In the alternative, the protestant contends that the certificates of analysis showing the resulting FFA of .58% after sampling the oil from the import vessel, the Team Progress, at the time of discharge in Savannah, should be utilized to determine fungibility.

The proper certificate of analysis regarding the export vessel, the Petrobulk Panther, is the resubmitted certificate. The protestant has substituted a "corrected" certificate because the original was "in error." The FFA of .80% in this certificate is above the maximum standard of .75% and falls within the deviations described above in Section 3A, Rule 103.

In order to use a certificate of analysis to determine fungibility of the imported merchandise, sampling must occur at the time the vessel enters the port. Therefore, the samples taken at the port in Rio Grande, RS, Brazil, on the import vessel Team Progress, would not be sufficient to determine fungibility. Additionally, the certificate, dated September 19, 1990, representing the samples of soybean oil loaded into barges from the cargo discharged from the Iverhawk and the Team Progress would not be sufficient for this same reason. In the alternative, the protestant suggests the utilization of the certificate procured at the time of discharge in Savannah. We are in agreement that this would be the proper certificate for purposes of determining fungibility.
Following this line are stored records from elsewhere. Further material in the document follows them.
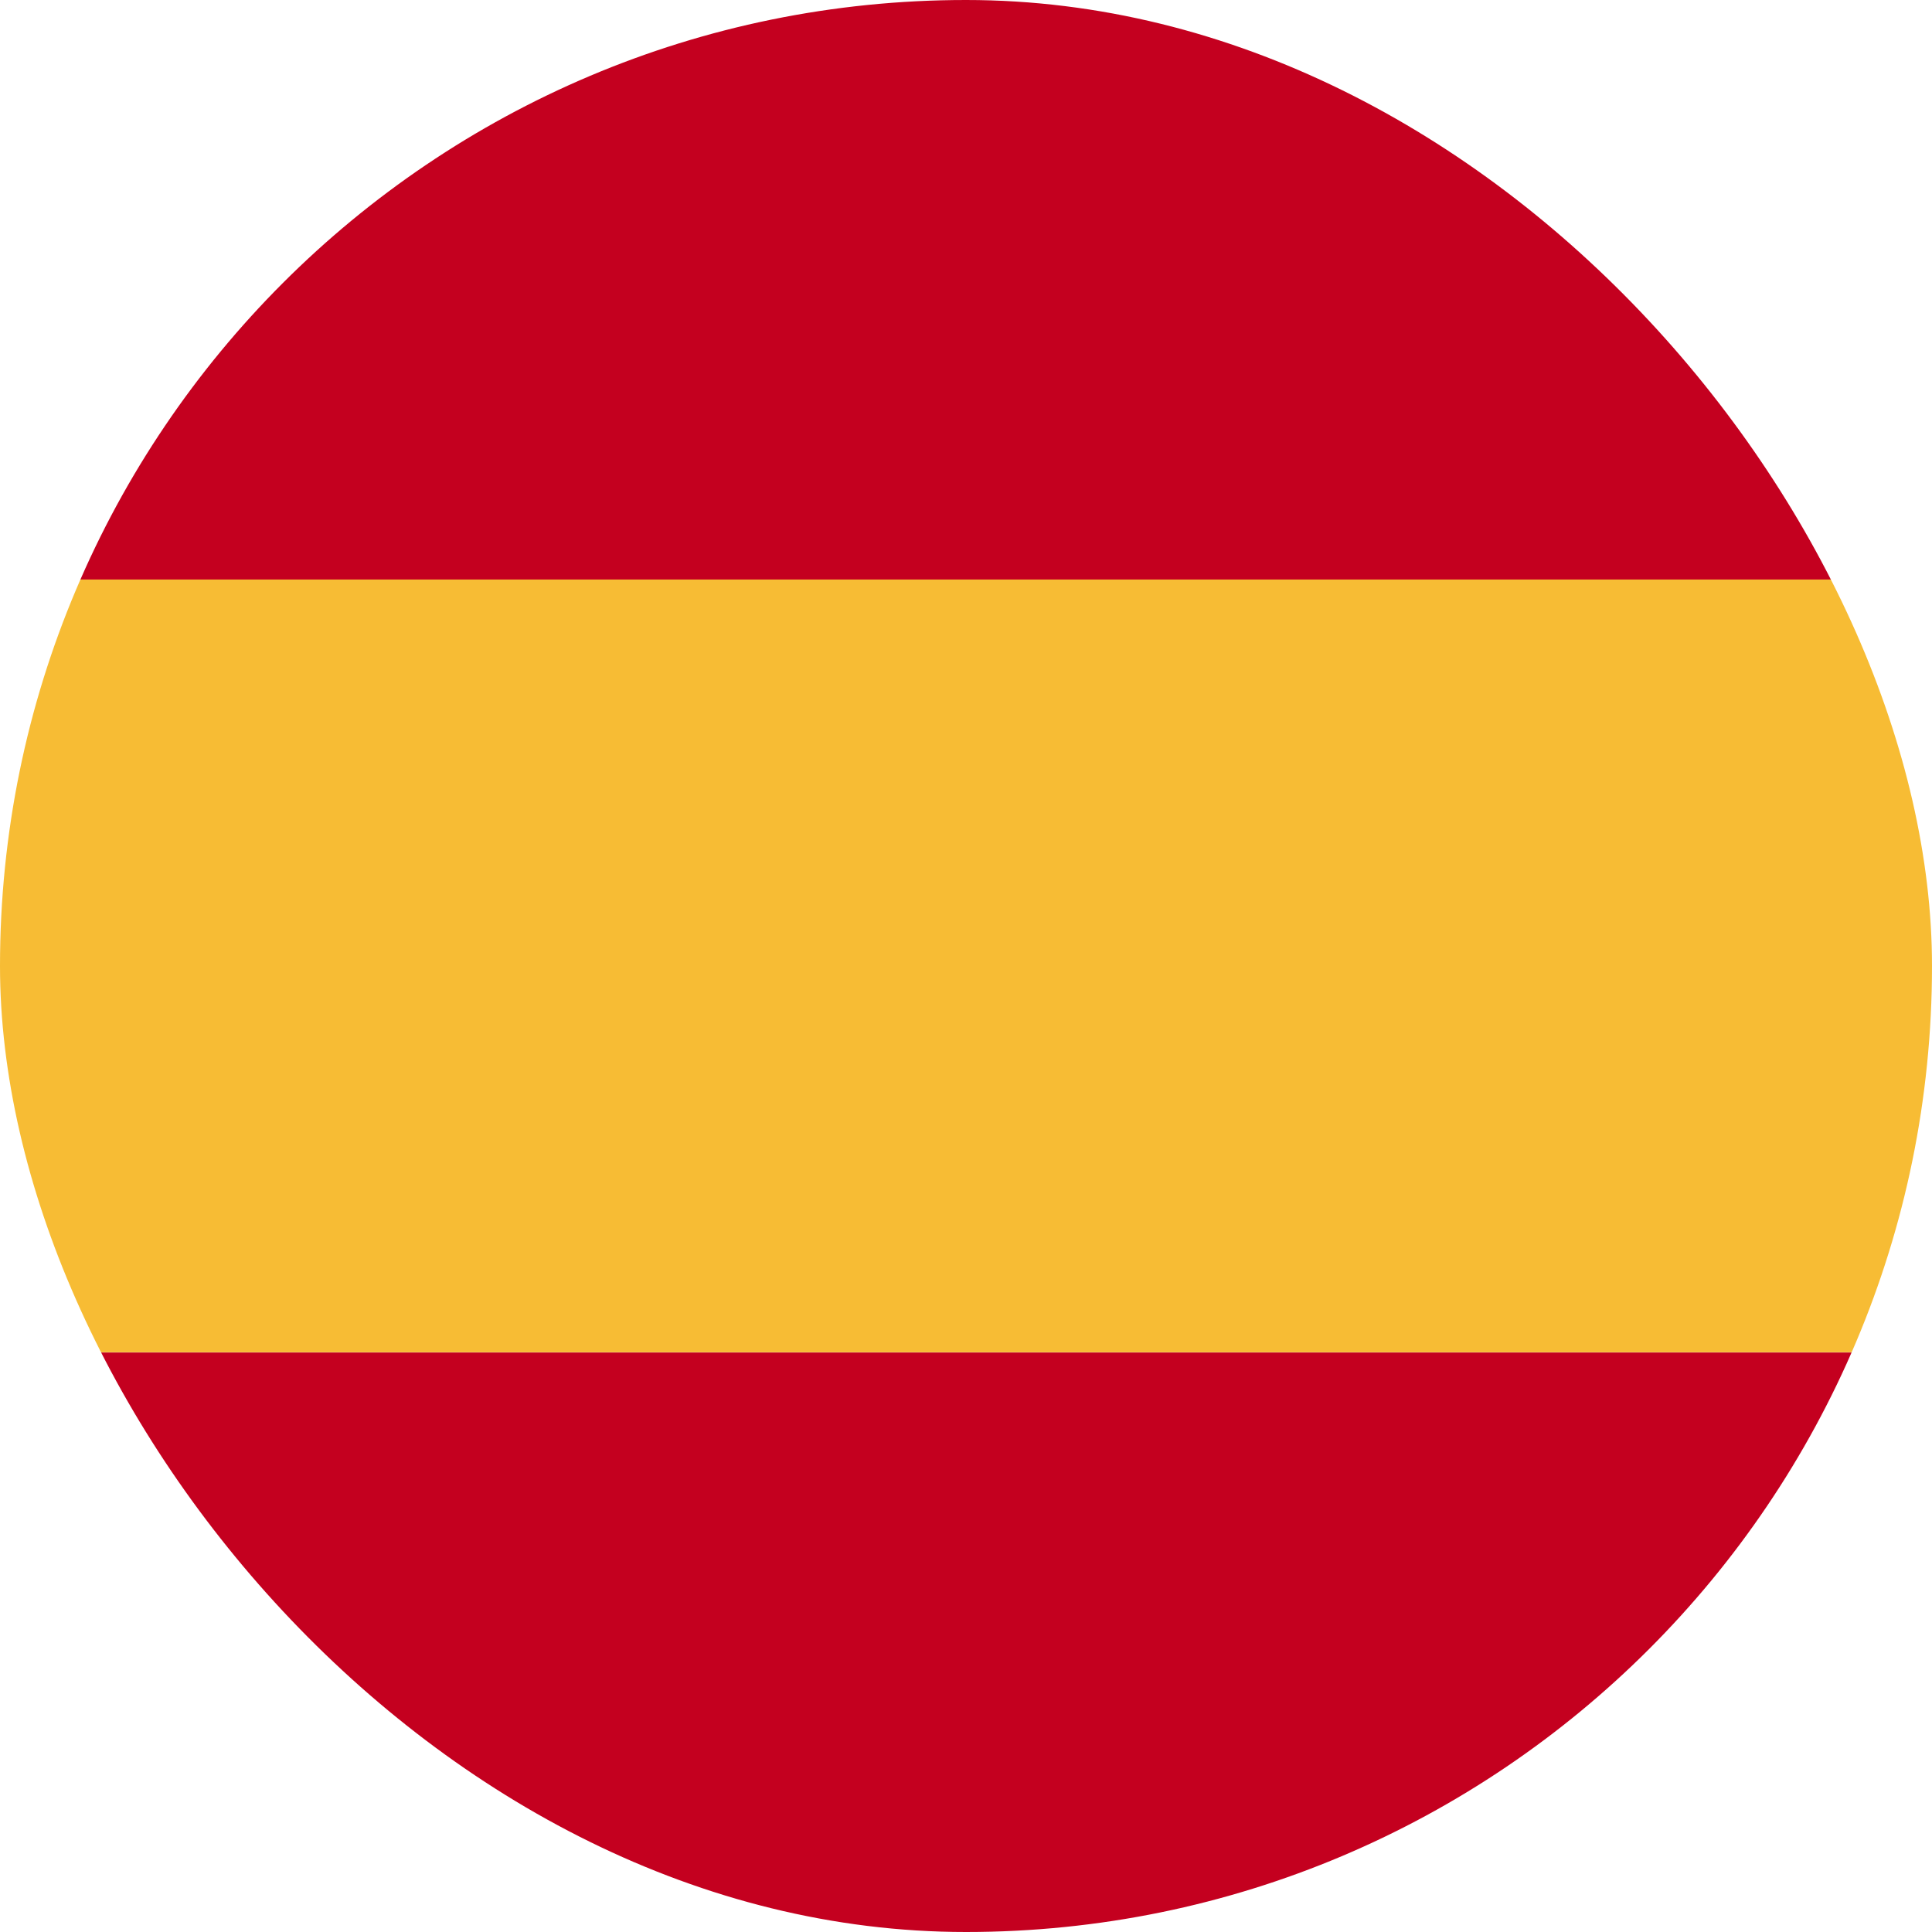 <svg width="24" height="24" viewBox="0 0 24 24" fill="none" xmlns="http://www.w3.org/2000/svg">
<g clip-path="url(#clip0_755_2385)">
<path d="M26.4 0H-1.2V7.2H26.4V0Z" fill="#C4001F"/>
<path d="M26.4 7.199H-1.2V16.799H26.4V7.199Z" fill="#F7BC34"/>
<path d="M26.4 16.801H-1.2V24.001H26.4V16.801Z" fill="#C4001F"/>
</g>
<defs>
<clipPath id="clip0_755_2385">
<rect width="24" height="24" rx="12" fill="white"/>
</clipPath>
</defs>
</svg>

Based upon the discussion above however, regarding the deviations in standards, the FFA of .58% from this import vessel would not be fungible with an FFA of .80% as provided from the export vessel.

Finally, it is the position of the Customs Service, with respect to CDSBO, to apply the industry standard in the determination of the fungibility of merchandise. We cannot find the operations of two companies alone indicative of an industry standard, where the published standards of that industry conflict with the standards used by those two companies.


The subject protest should be DENIED in full.

A copy of this decision should be attached to the CF 19, Notice of Action, sent to the protestant to satisfy the notice requirement of section 174.30(a), Customs Regulations.